お前すぐキラキラしやがって眩しいんだよこっちは

 不摂生とオーバーワークが続く中、三寒四温の気候にも揺さぶりをかけられ、ついに熱を出した。まあ見事にやられたもんだ。署から早退して大人しく寝室のベッドにいるが、いよいよ頭がくらくらして、身体が熱いのに寒気がする。俺の不調を知って押しかけてきたチームメイト兼セフレの左馬刻が冷蔵庫を開けたり、何かを調理してくれている音が、微かに聞こえる。
 弱っている時に感じる他人の気配に安心するなんて、左馬刻や理鶯と会うまで知らなかったことだった。
 
 
 
「……じゃあ俺様は帰るからよ。せいぜい養生しろやウサ公」
 揶揄いも混じったような声色ではあるが、部屋や風呂の掃除に洗濯物、食料確保……出かけるどころか動き回るのも上手くできないでいる俺の代わりに、一通り身の回りの世話を焼いてくれた。立ち去ろうとした左馬刻のアロハの白い裾を掴んで引き止めてしまったのは、理性で蓋をして抑えようとしても上回る衝動に駆られたせいだった。
「! ……銃兎ぉ」
「っ……」
 左馬刻は動作を邪魔されて一瞬驚いたような顔をしたが、それが俺の手によるものだとすぐに理解したらしい。目が合うとニヤリと笑う。
「ん? なンだよ」
「~~っ、いや、あの……なんでもない、ありがとう」
「なんでもなくねぇだろ。言わなきゃ伝わんねーぞ」
「……………まだ、ここにいてほしい。もう少しでいいから」
 全てを熱のせいにして伝えた。弱ったところなんかリーダーに、俺の王様に見せたくなかった筈なのに────左馬刻の顔を見て声を聞いたら、離れがたくなってしまったんだ。

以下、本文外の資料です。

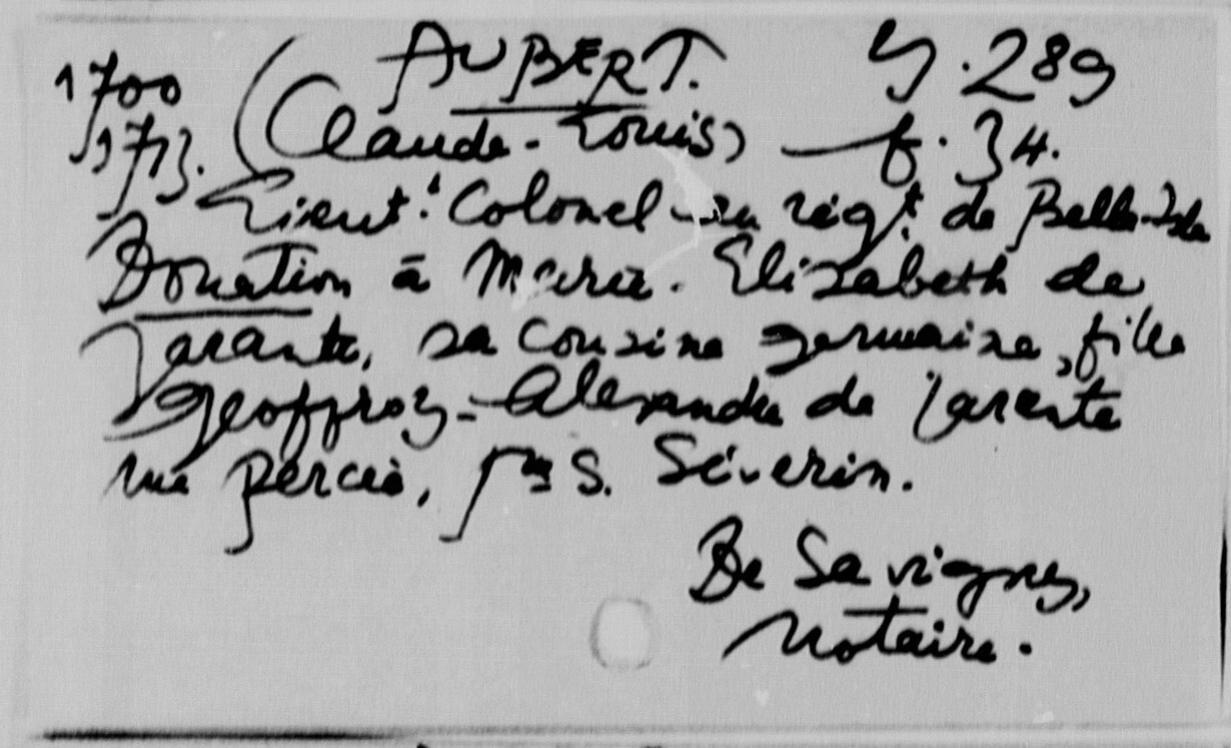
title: AUBERT (Claude-Louis)
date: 1700-1713
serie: Y
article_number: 289
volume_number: folio 34
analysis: Lieutenant colonel au régiment de Belle-Isle Donation à Marie-Elisabeth de Jarante, sa cousine germaine, fille Geoffroy-Alexandre de Jarente, rue Percée, paroisse Saint Séverin De Savigny, notaire
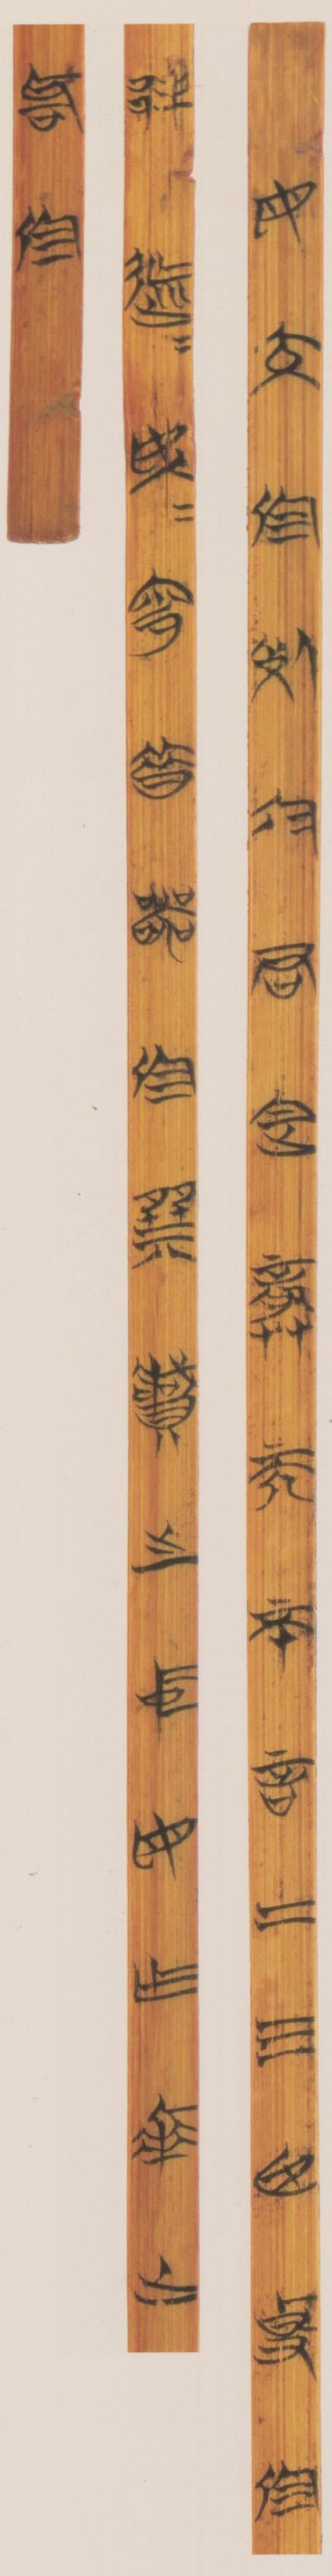母交於死今君定龏而不言二三臣史於邦{辶巟}=𡚦=宵昔器於巽{爿或貝}之𠁩母乍手止{㠯ㅋ}於
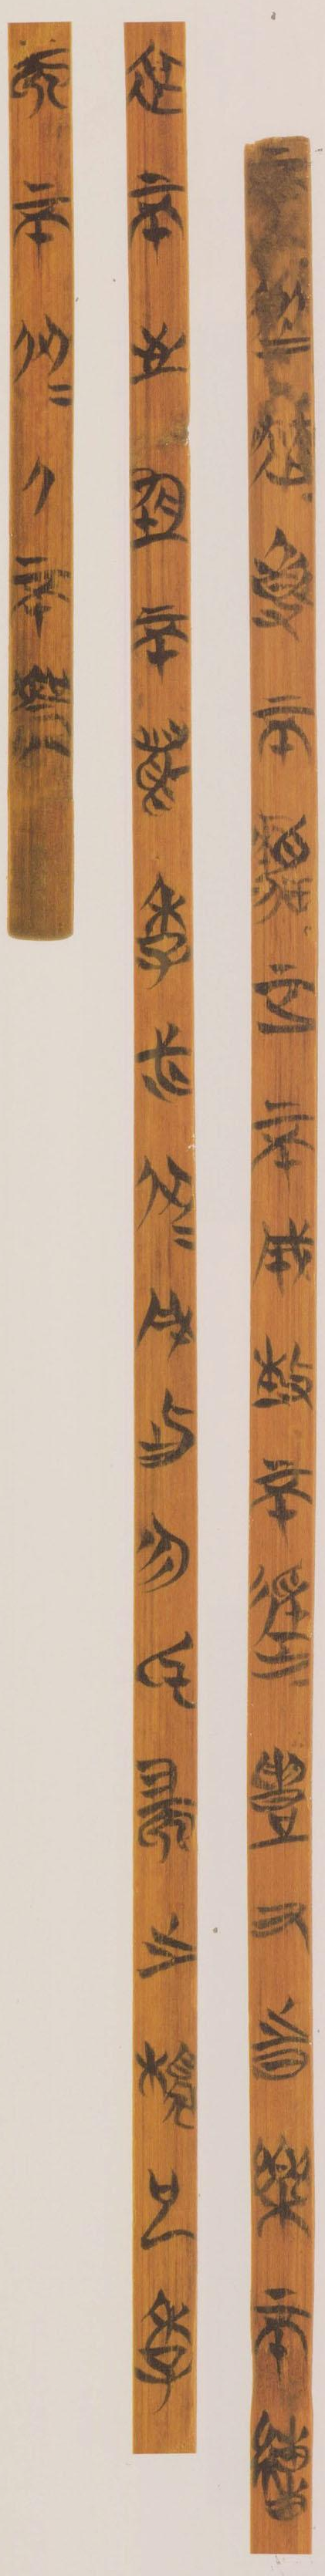不從勞事不{來耒田}正不成{坴攴}不{辶㸒}豊又{之日}樂不{糸東田}哀不至均不{鼠一}季必仞=凡此勿氒耑之{木蜀}也季而不仞=人不{亠舛几}
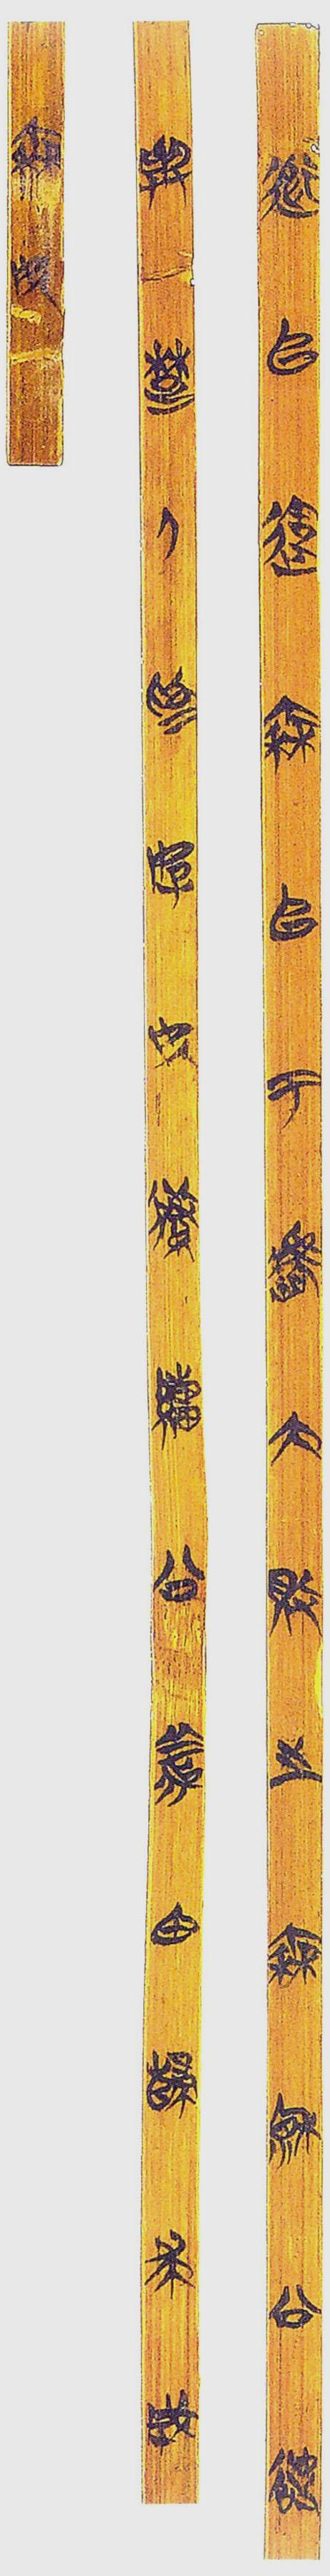{行幺止}𠂤御秦𠂤于{山虎口}大敗之秦穆公欲與楚人爲好𡚦{敓糸}{糸東田}公義囟{𡴎帚}求成秦𡚦
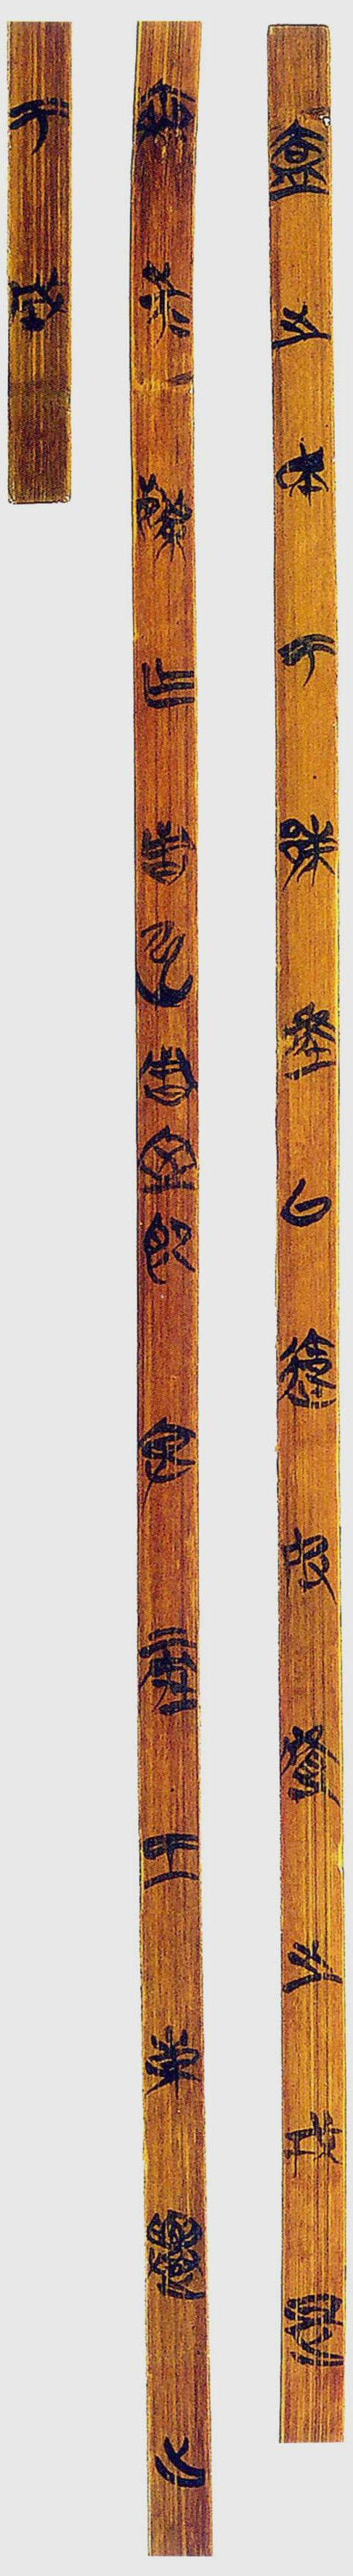盍之民于邾𫊟㠯（以）御奴虘B之戎是秦先=殜乍（作）周{尸山}周室即{宀卑}坪王東{䙴止}止于成

 左馬刻はハマを牛耳るヤクザの若頭だ。言うまでもなく組での立場や仕事だってあるし、決して暇じゃないだろう。何やってんだ俺。「いてほしい」って左馬刻に言っちまった後に理性が戻ってきやがった。一度口を突いて出た言葉は戻せない。もう遅い。どうしよう。リカバリーしないと、でも何を言えば。ぐるぐる撹拌される思考にじっと身を固くしていたが、
「分ァった、いてやるよ。ったくしょうがねぇウサちゃんだなぁ?」
 子供にするみたいに頭を撫でられる。熱で鈍った感覚の中でもそれはやたら鮮明に感じられた。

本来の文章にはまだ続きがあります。